第5話 【天国】繰り出す勝利のガッツポーズ。英雄となった俺が作り出したハーレム
「おはようございます……」
さすがに二日連続の遅刻は、文字通りの存在消去に直結する。
少し早めに出社した瞬間に、肌を刺すような違和感。
ちらりと向けられる、同僚たちの視線。
昨日“王の裁きを受けし者”として、俺はすっかり“観察対象”になってるらしい。
やれやれ。これだから小市民は。
――by 小市民代表・八天
他人の不幸は蜜の味。
誰が吊るし上げられるだとか、誰が出世するだとか。
ゴシップはいつの時代も、庶民の最高のご馳走だ。
まぁ昨日は俺がその当事者だった訳だが……。
デスクに座り、PCの電源を入れたその時。
背後に、不穏な気配を感じた。
「よぉ、八天。昨日は……災難だったな?」
肩を叩く、粘着質な声。
やはり来たか……。
上田京右介
同期入社で、出世に縁のない者同士。
わずかながら仲間意識も持っていた。
だが最近、「係長補佐」という微妙な肩書きを手に入れてからというもの。
奴は新種のモンスター――“マウンティングゴリラ”にでもなったかのように、俺に対して威圧的な態度を取るようになっていた。
「運も悪かったけど、元は俺が悪いし。仕方ないよ」
モニターから目を離さず、そっけなく答える。
だが俺のなけなしの防御行動が、奴の逆鱗に触れたらしい。
「自己管理は、社会人の基本だぜ? だからお前は……駄目なんだよ」
顔をこれでもかと近づけ、俺のデスクに手を叩きつける。
パーソナルスペース?そんなものはとうに侵略済、宣戦布告の一歩手前だ。
(……いや、お前にだけは言われたくない)
体型に関しては少なくともお互い様。
言い返したい気持ちは山々だ。
だが、昨日の出来事と「社内ヒエラルキー」という分厚い盾がそれを拒んだ。
胸の奥で煮えたぎる“憤怒のマグマ”を必死に抑え込み、俺は無言でキーボードを叩き続ける。
だが、この「沈黙」が逆に奴の“マウントソウル”を完全に燃え上がらせてしまったらしい。
奴は、更に追い討ちを放つ。
「お前みたいなのが一人いると、みんな安心すんだよ。

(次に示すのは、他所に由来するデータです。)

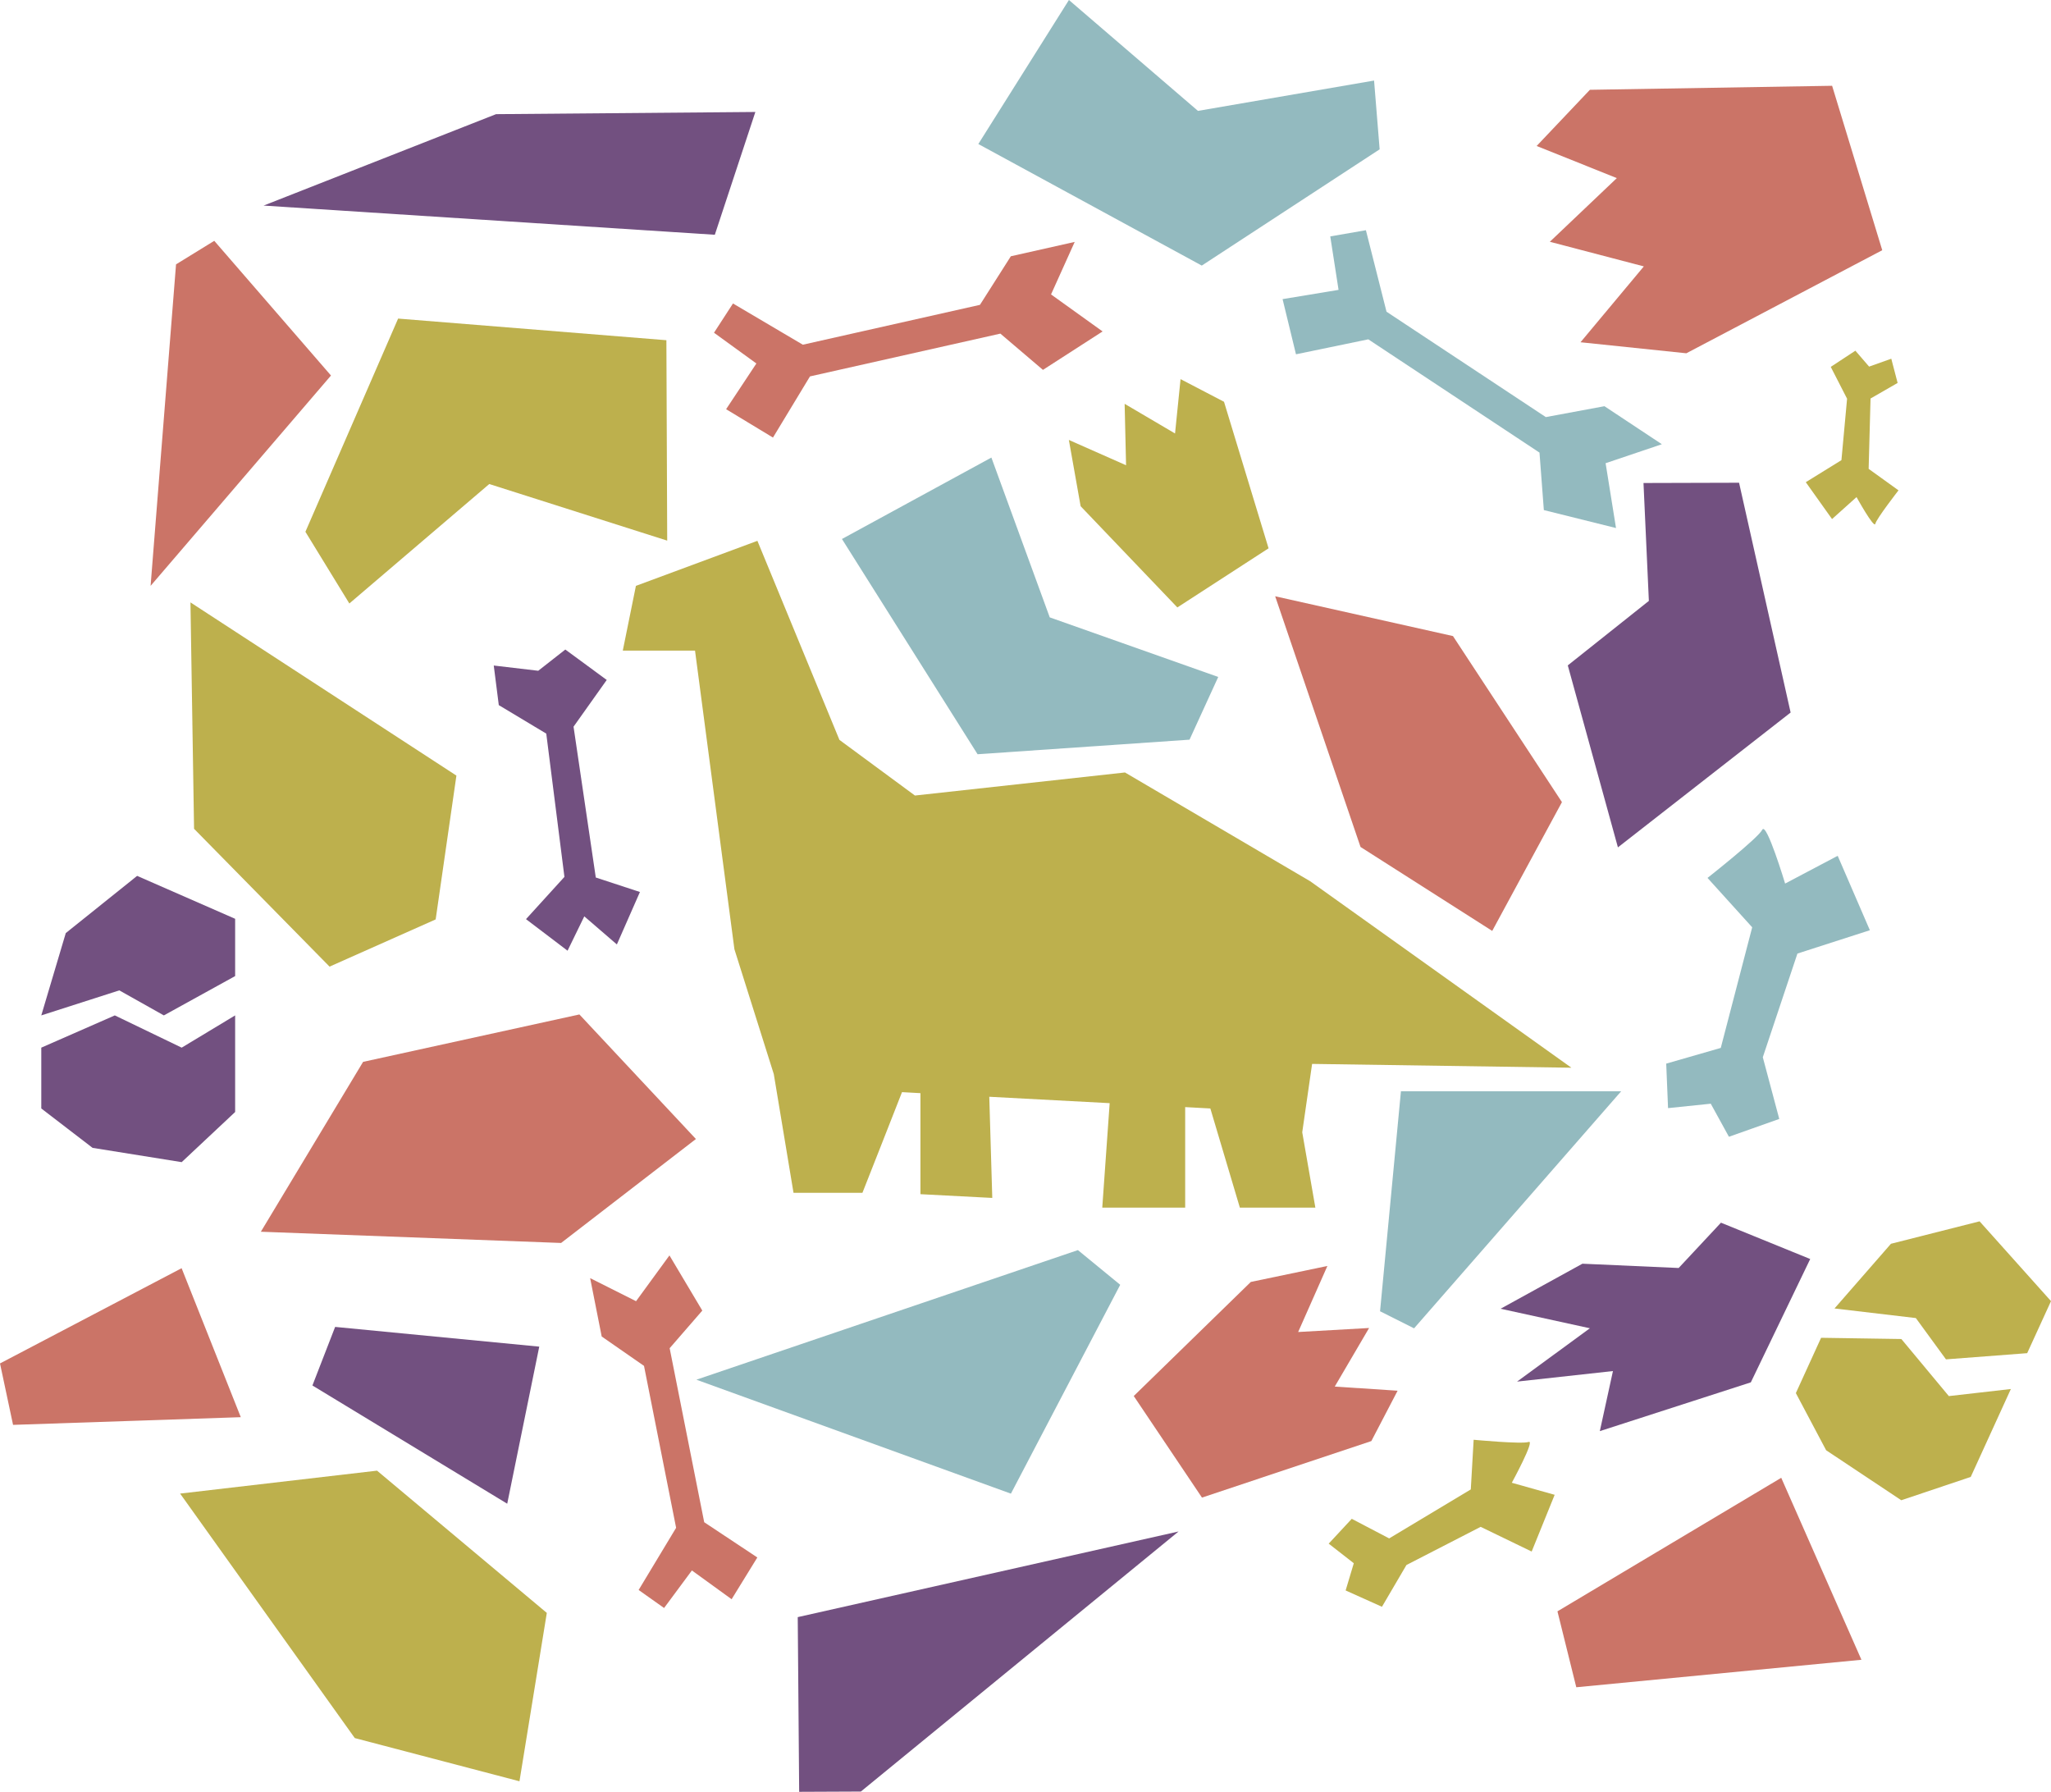 <?xml version="1.0" encoding="UTF-8"?> <!-- Generator: Adobe Illustrator 27.0.0, SVG Export Plug-In . SVG Version: 6.00 Build 0) --> <svg xmlns="http://www.w3.org/2000/svg" xmlns:xlink="http://www.w3.org/1999/xlink" id="Layer_1" x="0px" y="0px" viewBox="0 0 301.53 263.39" style="enable-background:new 0 0 301.53 263.39;" xml:space="preserve"> <style type="text/css"> .st0{fill:#725080;} .st1{fill:#BDB04D;} .st2{fill:#93BABF;} .st3{fill:#CB7467;} </style> <polygon class="st0" points="105.09,34.51 38.75,30.22 72.93,16.78 111.05,16.46 "></polygon> <polygon class="st1" points="44.9,78.17 58.53,46.83 97.97,50.01 98.09,79.47 71.93,71.15 51.36,88.71 "></polygon> <polygon class="st2" points="174.88,108.73 143.72,110.87 123.78,79.23 145.75,67.26 154.33,90.75 179.1,99.51 "></polygon> <polygon class="st2" points="202.83,21.95 176.68,39.04 143.83,21.17 157.15,0 176.12,16.3 202.01,11.84 "></polygon> <polygon class="st3" points="187.47,87.65 213.61,93.5 229.63,117.91 219.38,136.84 200.02,124.5 "></polygon> <polygon class="st3" points="38.35,181.06 53.38,156.09 85.18,149.12 102.31,167.43 82.49,182.71 "></polygon> <polygon class="st1" points="26.48,219.55 55.43,216.18 80.39,237.09 76.37,261.84 52.16,255.49 "></polygon> <polygon class="st1" points="48.45,142.09 28.53,121.83 28,88.55 67.1,114.01 64.05,135.15 "></polygon> <polygon class="st0" points="45.93,203.66 49.27,195.05 79.28,197.95 74.57,221.04 "></polygon> <polygon class="st3" points="1.92,209.45 0,200.42 26.7,186.42 35.4,208.32 "></polygon> <polygon class="st3" points="231.74,248.02 228.97,236.86 261.87,217.23 273.66,243.98 "></polygon> <path class="st2" d="M245.23,162.89l6.28-0.65l2.67,4.86l7.4-2.62l-2.42-9.07l5.09-15.24l10.65-3.43l-4.73-10.94l-7.73,4.08 c0,0-2.75-9.14-3.36-7.91c-0.61,1.23-8.05,7.08-8.05,7.08l6.57,7.26l-4.62,17.73l-8.02,2.31L245.23,162.89z"></path> <path class="st1" d="M195.34,226.91l3.69,2.88l-1.2,4l5.34,2.4l3.6-6.14l10.91-5.61l7.5,3.63l3.38-8.34l-6.3-1.77 c0,0,3.46-6.35,2.48-6c-0.99,0.35-8.09-0.32-8.09-0.32l-0.42,7.3l-12,7.2l-5.5-2.88L195.34,226.91z"></path> <path class="st1" d="M278.05,52.73l-3.26,1.16l-2.02-2.34l-3.62,2.38l2.4,4.68l-0.83,9.03l-5.24,3.24l3.86,5.42l3.6-3.23 c0,0,2.59,4.68,2.76,3.93c0.17-0.76,3.41-4.92,3.41-4.92l-4.39-3.16L275,58.58l3.98-2.29L278.05,52.73z"></path> <polygon class="st0" points="232.64,185.76 220.61,192.38 233.74,195.25 223.03,203.09 237.13,201.54 235.2,210.37 257.4,203.2 266.13,185.07 253.01,179.73 246.79,186.39 "></polygon> <g> <polygon class="st0" points="20.16,128.75 9.67,137.16 6.07,149.26 17.54,145.58 24.09,149.26 34.57,143.48 34.57,135.06 "></polygon> <polygon class="st0" points="34.57,149.26 26.71,154 16.88,149.26 6.07,154 6.07,162.94 13.61,168.73 26.71,170.83 34.57,163.46 "></polygon> </g> <g> <polygon class="st1" points="291.03,179.53 278,182.83 269.7,192.34 281.66,193.75 286.09,199.82 298.03,198.91 301.53,191.26 "></polygon> <polygon class="st1" points="295.63,204.18 286.51,205.22 279.53,196.83 267.73,196.65 264.02,204.78 268.47,213.18 279.52,220.53 289.73,217.1 "></polygon> </g> <polygon class="st3" points="205.47,204.43 196.23,203.82 201.28,195.21 190.85,195.8 195.15,186.09 183.89,188.44 166.68,205.21 176.71,220.14 201.61,211.83 "></polygon> <polygon class="st0" points="255.67,70.96 263.25,104.74 237.86,124.56 230.49,97.81 242.41,88.33 241.62,71 "></polygon> <polygon class="st1" points="93.49,86.12 111.35,79.5 123.41,108.76 134.51,116.94 165.39,113.55 192.62,129.54 231.02,156.95 192.9,156.39 191.45,166.44 193.38,177.52 182.28,177.52 177.94,162.94 174.24,162.74 174.24,177.52 162.05,177.52 163.14,162.16 145.44,161.22 145.88,176.09 135.32,175.54 135.32,160.69 132.61,160.54 129.58,168.26 126.79,175.34 116.66,175.34 113.76,157.89 107.97,139.53 102.18,95.64 91.56,95.64 "></polygon> <polygon class="st3" points="104.97,48.91 111.2,53.43 106.75,60.15 113.64,64.32 119.08,55.33 147.07,49.04 153.33,54.37 162.1,48.72 154.52,43.28 158,35.56 148.61,37.67 144.07,44.81 118.03,50.67 107.76,44.61 "></polygon> <polygon class="st3" points="97.63,236.37 101.72,230.85 107.56,235.08 111.34,228.94 103.53,223.76 98.45,198.18 103.25,192.65 98.42,184.54 93.51,191.27 86.76,187.88 88.46,196.46 94.68,200.78 99.4,224.58 93.89,233.72 "></polygon> <polygon class="st2" points="195.57,34.75 196.79,42.61 188.56,43.97 190.53,52.08 201.16,49.88 226.33,66.53 226.97,74.98 237.58,77.62 236.05,68.09 244.32,65.3 235.88,59.71 227.26,61.31 203.84,45.82 200.81,33.84 "></polygon> <polygon class="st2" points="148.62,219.56 164.69,188.86 158.47,183.76 102.38,202.81 "></polygon> <polygon class="st2" points="205.96,160.41 202.89,192.75 207.89,195.26 238.34,160.41 "></polygon> <polygon class="st0" points="117.28,237.71 117.49,263.39 126.56,263.35 173.27,225.12 "></polygon> <polygon class="st3" points="48.66,55.2 31.5,35.4 25.88,38.86 22.14,86.12 "></polygon> <polygon class="st3" points="225.91,21.46 237.7,26.18 227.85,35.54 241.67,39.16 232.36,50.31 247.92,51.93 276.72,36.78 269.35,12.61 233.74,13.2 "></polygon> <polygon class="st1" points="173.56,55.73 172.75,63.72 165.34,59.36 165.55,68.39 157.14,64.67 158.87,74.41 173.09,89.29 186.5,80.6 179.95,59.06 "></polygon> <polygon class="st0" points="83.44,139.75 77.33,135.11 82.98,128.9 80.31,107.84 73.33,103.65 72.59,97.83 79.13,98.6 83.11,95.48 89.2,99.95 84.32,106.82 87.59,128.99 94.08,131.12 90.69,138.83 85.9,134.7 "></polygon> </svg>

“俺はまだマシだな”ってな」
京右介はニヤリと、醜悪な笑みを浮かべた。
「勝手に辞めたりすんなよ? 貴重なピースなんだからさ」
拳が震えた。
(もう我慢ならん……ッ!)
反射的に立ち上がる。
椅子がガタンと音を立てて倒れ、フロアの空気が一気に凍りついた。
グイッ!
力任せに、左手で京右介のワイシャツの襟を掴み上げる。
そして――。
渾身の右ストレート一閃。
俺の拳は、美しい放物線を描きながら京右介の顎を撃ち抜いた。
鈍い音と共に、奴の顔がぐにゃりと歪み、そのまま後ろのデスクへダイブ。
「……ッッシャアアアア!!」
思わず、勝利のガッツポーズ。
オフィスの社員たちから、拍手の渦が巻き起こった。
「八天さん、見直しました!」「あいつ、いつかやってやろうと思ってたんです!」
満開の桜のような祝福の声。
そしてなぜかそこに現れる、みさき。
「すごいです……かっこよかった……!」
潤んだ瞳で見つめてくる。
喧騒の中、俺は彼女の肩を抱き寄せ、地に伏した京右介へと、最高にクールな決め台詞を放つ。